Records from a collection
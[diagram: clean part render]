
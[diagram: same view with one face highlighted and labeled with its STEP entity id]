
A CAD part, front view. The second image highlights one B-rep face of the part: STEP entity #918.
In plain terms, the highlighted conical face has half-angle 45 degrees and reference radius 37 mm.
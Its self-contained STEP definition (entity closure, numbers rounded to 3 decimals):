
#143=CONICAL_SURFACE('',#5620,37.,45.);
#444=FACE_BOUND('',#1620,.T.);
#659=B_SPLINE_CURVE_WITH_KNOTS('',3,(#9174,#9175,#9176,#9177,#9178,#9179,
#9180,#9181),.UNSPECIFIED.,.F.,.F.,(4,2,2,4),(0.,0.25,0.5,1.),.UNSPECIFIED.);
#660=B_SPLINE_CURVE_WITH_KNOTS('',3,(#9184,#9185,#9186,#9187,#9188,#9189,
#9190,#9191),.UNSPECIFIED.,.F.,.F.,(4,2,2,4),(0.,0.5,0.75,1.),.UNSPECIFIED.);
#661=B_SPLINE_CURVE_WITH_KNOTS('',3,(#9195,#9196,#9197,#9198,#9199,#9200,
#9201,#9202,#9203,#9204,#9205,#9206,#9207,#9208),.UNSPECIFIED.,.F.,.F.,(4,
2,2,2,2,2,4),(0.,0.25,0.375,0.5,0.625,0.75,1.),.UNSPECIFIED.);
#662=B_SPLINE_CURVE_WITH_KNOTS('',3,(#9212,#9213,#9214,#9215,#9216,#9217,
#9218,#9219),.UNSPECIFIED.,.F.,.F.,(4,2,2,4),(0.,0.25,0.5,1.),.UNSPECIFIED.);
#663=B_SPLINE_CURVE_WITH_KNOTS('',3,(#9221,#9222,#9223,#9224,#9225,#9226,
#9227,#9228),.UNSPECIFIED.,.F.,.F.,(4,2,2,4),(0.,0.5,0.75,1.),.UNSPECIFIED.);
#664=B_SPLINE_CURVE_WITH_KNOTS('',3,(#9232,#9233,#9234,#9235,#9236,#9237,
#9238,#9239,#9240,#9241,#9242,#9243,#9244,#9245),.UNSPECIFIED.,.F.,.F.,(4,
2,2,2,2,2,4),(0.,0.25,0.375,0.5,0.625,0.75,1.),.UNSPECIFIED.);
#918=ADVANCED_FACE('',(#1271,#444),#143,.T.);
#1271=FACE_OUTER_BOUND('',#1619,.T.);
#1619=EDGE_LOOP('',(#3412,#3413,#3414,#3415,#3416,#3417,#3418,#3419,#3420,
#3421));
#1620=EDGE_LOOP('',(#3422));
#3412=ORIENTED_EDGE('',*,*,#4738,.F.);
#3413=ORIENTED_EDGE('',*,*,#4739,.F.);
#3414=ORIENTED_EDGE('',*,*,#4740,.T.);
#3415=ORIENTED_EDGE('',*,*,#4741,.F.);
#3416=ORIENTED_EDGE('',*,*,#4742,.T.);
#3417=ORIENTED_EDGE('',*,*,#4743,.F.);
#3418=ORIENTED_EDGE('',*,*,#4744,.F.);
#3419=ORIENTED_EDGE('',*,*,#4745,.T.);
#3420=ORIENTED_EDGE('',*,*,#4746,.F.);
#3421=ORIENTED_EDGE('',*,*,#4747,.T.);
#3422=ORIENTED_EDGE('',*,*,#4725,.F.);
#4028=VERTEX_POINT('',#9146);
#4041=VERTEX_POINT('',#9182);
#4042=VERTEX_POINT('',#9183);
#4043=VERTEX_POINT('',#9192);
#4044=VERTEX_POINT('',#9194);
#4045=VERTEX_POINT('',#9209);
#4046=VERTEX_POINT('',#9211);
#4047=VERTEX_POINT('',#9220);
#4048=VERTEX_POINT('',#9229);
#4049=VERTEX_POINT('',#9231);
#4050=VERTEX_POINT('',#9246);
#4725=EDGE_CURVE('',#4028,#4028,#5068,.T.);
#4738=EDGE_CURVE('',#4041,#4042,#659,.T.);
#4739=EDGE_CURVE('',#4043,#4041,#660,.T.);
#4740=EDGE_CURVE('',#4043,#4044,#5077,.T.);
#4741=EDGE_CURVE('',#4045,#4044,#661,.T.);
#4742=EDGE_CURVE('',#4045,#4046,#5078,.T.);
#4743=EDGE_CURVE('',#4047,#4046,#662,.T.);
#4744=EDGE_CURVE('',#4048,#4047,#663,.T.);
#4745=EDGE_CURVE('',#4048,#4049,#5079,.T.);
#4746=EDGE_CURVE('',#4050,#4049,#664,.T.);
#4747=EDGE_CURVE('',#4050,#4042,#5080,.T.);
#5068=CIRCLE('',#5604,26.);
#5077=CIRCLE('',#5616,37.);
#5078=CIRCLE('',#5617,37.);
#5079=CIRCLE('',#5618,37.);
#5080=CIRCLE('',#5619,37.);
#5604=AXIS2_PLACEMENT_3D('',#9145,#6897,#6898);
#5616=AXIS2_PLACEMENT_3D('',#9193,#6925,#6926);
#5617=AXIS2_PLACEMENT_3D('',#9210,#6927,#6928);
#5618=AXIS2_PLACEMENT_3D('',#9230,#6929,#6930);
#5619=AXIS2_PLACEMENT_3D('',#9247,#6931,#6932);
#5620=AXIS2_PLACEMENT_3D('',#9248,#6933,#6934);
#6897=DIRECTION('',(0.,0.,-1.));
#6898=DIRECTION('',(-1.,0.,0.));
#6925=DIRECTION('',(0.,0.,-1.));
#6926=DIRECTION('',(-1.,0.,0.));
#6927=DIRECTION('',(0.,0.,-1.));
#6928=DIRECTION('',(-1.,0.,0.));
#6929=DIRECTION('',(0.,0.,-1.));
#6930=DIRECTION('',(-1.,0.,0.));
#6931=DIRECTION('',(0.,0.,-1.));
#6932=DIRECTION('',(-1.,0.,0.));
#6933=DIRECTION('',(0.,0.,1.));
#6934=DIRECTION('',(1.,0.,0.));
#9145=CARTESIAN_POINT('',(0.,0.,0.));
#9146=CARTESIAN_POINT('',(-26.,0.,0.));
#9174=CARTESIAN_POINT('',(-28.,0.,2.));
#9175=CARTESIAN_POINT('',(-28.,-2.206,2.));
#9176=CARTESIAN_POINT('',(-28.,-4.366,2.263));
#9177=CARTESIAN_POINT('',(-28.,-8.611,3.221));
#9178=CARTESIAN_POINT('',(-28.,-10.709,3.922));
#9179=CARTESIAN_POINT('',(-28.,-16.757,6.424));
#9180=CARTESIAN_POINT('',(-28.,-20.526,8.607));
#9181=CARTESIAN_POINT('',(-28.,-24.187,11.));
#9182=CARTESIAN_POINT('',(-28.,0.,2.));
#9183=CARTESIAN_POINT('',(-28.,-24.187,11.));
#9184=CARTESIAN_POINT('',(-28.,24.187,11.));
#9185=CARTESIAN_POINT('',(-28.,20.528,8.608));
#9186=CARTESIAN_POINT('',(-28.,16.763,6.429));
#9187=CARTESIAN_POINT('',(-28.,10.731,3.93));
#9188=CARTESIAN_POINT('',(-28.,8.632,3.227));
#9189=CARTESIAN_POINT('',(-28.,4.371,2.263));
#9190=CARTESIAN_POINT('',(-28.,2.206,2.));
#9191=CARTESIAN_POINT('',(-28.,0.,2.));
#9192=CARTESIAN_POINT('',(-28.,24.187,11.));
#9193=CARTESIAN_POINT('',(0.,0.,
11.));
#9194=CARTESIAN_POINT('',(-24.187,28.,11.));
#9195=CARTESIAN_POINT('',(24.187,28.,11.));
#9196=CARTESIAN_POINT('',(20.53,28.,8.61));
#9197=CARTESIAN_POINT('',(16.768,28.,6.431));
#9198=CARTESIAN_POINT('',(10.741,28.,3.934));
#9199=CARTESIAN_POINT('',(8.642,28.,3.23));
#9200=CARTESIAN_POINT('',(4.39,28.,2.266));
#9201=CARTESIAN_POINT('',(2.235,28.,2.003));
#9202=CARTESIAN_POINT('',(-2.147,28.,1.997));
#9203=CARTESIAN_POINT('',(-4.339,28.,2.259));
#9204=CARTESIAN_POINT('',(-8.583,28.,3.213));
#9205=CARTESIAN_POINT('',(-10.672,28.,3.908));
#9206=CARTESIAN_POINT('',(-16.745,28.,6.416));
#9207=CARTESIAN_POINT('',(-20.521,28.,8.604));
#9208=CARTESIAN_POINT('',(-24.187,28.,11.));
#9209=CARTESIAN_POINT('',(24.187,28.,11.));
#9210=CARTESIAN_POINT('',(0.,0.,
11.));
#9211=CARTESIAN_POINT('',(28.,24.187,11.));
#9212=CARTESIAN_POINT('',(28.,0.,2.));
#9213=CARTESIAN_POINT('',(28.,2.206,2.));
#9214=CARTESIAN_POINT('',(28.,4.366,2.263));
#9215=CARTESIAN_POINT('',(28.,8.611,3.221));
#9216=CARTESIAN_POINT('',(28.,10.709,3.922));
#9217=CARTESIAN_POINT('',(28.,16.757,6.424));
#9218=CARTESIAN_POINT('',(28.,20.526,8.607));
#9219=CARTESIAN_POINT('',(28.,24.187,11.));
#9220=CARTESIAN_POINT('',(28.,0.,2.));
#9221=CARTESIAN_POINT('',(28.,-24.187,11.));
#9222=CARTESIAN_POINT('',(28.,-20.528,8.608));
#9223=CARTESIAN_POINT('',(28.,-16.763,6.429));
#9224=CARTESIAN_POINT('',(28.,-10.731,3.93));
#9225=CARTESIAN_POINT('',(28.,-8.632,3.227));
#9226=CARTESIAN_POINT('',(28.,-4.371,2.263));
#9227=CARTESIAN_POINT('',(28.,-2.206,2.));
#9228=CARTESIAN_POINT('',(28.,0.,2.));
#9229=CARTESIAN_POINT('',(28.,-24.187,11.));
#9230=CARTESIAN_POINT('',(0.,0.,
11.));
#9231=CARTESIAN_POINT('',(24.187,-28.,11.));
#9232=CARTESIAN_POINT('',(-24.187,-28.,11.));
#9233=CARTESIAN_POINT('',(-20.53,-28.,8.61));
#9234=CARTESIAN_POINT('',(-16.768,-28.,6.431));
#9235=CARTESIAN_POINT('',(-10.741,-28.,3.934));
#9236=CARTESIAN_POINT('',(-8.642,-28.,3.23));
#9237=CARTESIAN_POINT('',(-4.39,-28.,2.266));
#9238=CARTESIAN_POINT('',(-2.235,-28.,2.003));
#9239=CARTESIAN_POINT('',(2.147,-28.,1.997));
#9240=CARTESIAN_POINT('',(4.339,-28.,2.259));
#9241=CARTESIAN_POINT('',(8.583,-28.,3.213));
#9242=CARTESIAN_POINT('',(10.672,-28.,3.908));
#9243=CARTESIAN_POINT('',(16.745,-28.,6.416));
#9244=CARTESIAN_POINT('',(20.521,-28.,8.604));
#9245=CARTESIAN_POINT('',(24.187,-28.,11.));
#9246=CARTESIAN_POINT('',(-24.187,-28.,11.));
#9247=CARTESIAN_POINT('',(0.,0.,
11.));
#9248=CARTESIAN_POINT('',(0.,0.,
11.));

» **INSTRUCTIONS FOR THE TASK**
From the opening line of the data above through the line holding "#1620=EDGE_LOOP('',(#3422));", give every line again exactly as it stands.

» **TASK SOLUTION**
[diagram: clean part render]
[diagram: same view with one face highlighted and labeled with its STEP entity id]
A CAD part, front view. The second image highlights one B-rep face of the part: STEP entity #918.
In plain terms, the highlighted conical face has half-angle 45 degrees and reference radius 37 mm.
Its self-contained STEP definition (entity closure, numbers rounded to 3 decimals):
#143=CONICAL_SURFACE('',#5620,37.,45.);
#444=FACE_BOUND('',#1620,.T.);
#659=B_SPLINE_CURVE_WITH_KNOTS('',3,(#9174,#9175,#9176,#9177,#9178,#9179,
#9180,#9181),.UNSPECIFIED.,.F.,.F.,(4,2,2,4),(0.,0.25,0.5,1.),.UNSPECIFIED.);
#660=B_SPLINE_CURVE_WITH_KNOTS('',3,(#9184,#9185,#9186,#9187,#9188,#9189,
#9190,#9191),.UNSPECIFIED.,.F.,.F.,(4,2,2,4),(0.,0.5,0.75,1.),.UNSPECIFIED.);
#661=B_SPLINE_CURVE_WITH_KNOTS('',3,(#9195,#9196,#9197,#9198,#9199,#9200,
#9201,#9202,#9203,#9204,#9205,#9206,#9207,#9208),.UNSPECIFIED.,.F.,.F.,(4,
2,2,2,2,2,4),(0.,0.25,0.375,0.5,0.625,0.75,1.),.UNSPECIFIED.);
#662=B_SPLINE_CURVE_WITH_KNOTS('',3,(#9212,#9213,#9214,#9215,#9216,#9217,
#9218,#9219),.UNSPECIFIED.,.F.,.F.,(4,2,2,4),(0.,0.25,0.5,1.),.UNSPECIFIED.);
#663=B_SPLINE_CURVE_WITH_KNOTS('',3,(#9221,#9222,#9223,#9224,#9225,#9226,
#9227,#9228),.UNSPECIFIED.,.F.,.F.,(4,2,2,4),(0.,0.5,0.75,1.),.UNSPECIFIED.);
#664=B_SPLINE_CURVE_WITH_KNOTS('',3,(#9232,#9233,#9234,#9235,#9236,#9237,
#9238,#9239,#9240,#9241,#9242,#9243,#9244,#9245),.UNSPECIFIED.,.F.,.F.,(4,
2,2,2,2,2,4),(0.,0.25,0.375,0.5,0.625,0.75,1.),.UNSPECIFIED.);
#918=ADVANCED_FACE('',(#1271,#444),#143,.T.);
#1271=FACE_OUTER_BOUND('',#1619,.T.);
#1619=EDGE_LOOP('',(#3412,#3413,#3414,#3415,#3416,#3417,#3418,#3419,#3420,
#3421));
#1620=EDGE_LOOP('',(#3422));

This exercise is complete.